• [Stored items]:

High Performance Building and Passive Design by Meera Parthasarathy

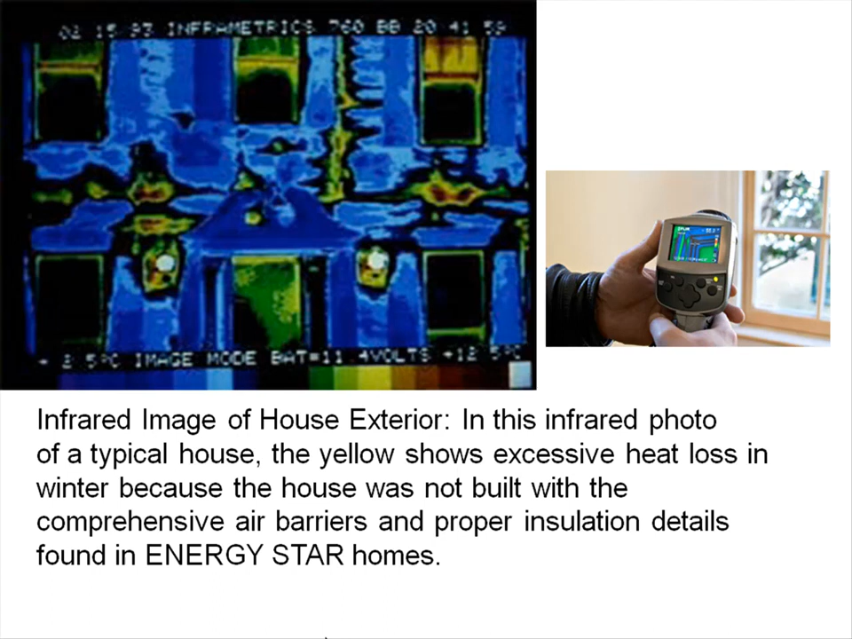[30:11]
and so you can see that that's a big issue there And which you wouldn't see unless you know, you did this infrared camera imaging so Kind of walking through some of these so We looked at you know,
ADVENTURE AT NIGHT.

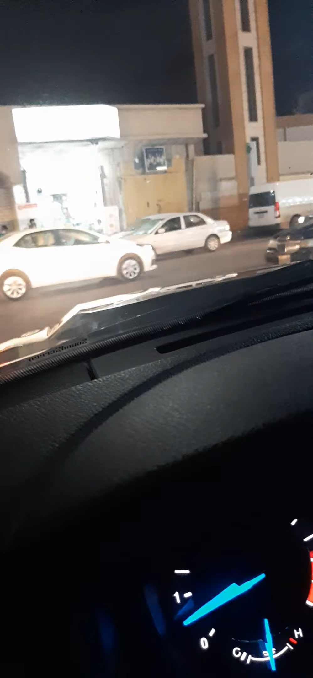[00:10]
So I'm trying to be very careful. The roads are always overpopulated. Many people, they are scared to come over this side, especially ladies. They don't roam around in the night.
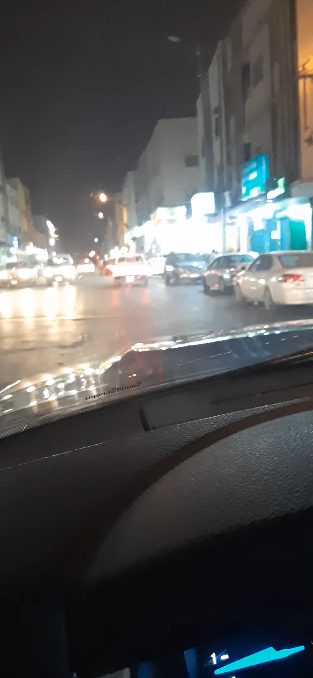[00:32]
It's very dangerous for them. That's why you can see lots of men. They're the one who dominates here. If you see a woman, there must be a man behind, a bodyguard watching over them. That's what I can call them. So you have to be a little bit speedy, because if you slow down, somebody might grab your phone and that's all.
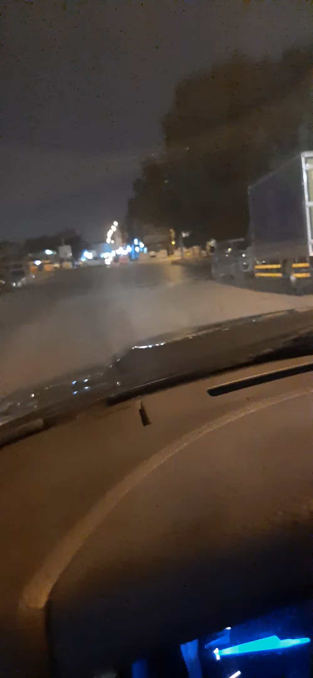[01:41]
Woohoo! Somebody was coming. Oh, shit. Oh, no. Oh. Somebody was there. Somebody was near to grab my phone, man. So let me speed up just a little bit. Just a little bit.
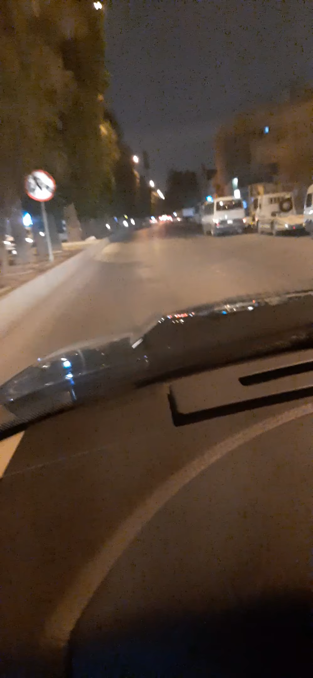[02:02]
I want to speed up. Let me just speed up just a little bit, and I know I'll be safe.
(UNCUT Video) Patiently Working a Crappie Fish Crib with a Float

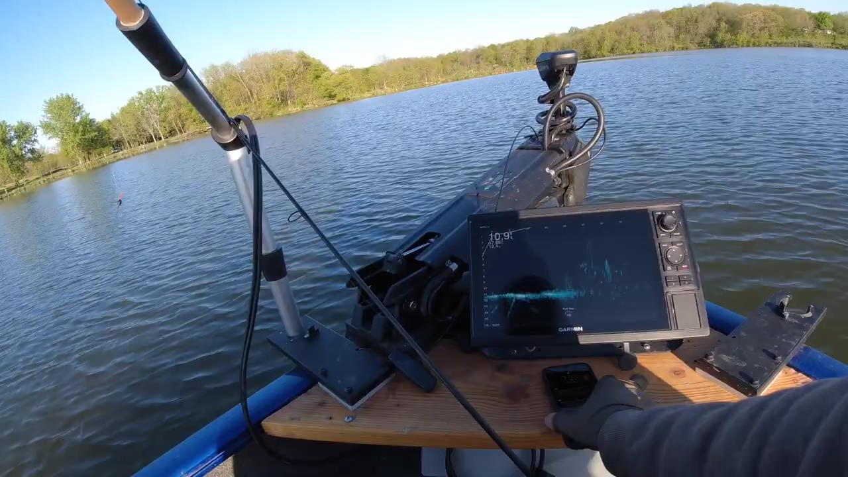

• [Task brief]: What you return must match the data above exactly, with no images included.

• [Answer to the problem]:
High Performance Building and Passive Design by Meera Parthasarathy

[30:11]
and so you can see that that's a big issue there And which you wouldn't see unless you know, you did this infrared camera imaging so Kind of walking through some of these so We looked at you know,
ADVENTURE AT NIGHT.

[00:10]
So I'm trying to be very careful. The roads are always overpopulated. Many people, they are scared to come over this side, especially ladies. They don't roam around in the night.
[00:32]
It's very dangerous for them. That's why you can see lots of men. They're the one who dominates here. If you see a woman, there must be a man behind, a bodyguard watching over them. That's what I can call them. So you have to be a little bit speedy, because if you slow down, somebody might grab your phone and that's all.
[01:41]
Woohoo! Somebody was coming. Oh, shit. Oh, no. Oh. Somebody was there. Somebody was near to grab my phone, man. So let me speed up just a little bit. Just a little bit.
[02:02]
I want to speed up. Let me just speed up just a little bit, and I know I'll be safe.
(UNCUT Video) Patiently Working a Crappie Fish Crib with a Float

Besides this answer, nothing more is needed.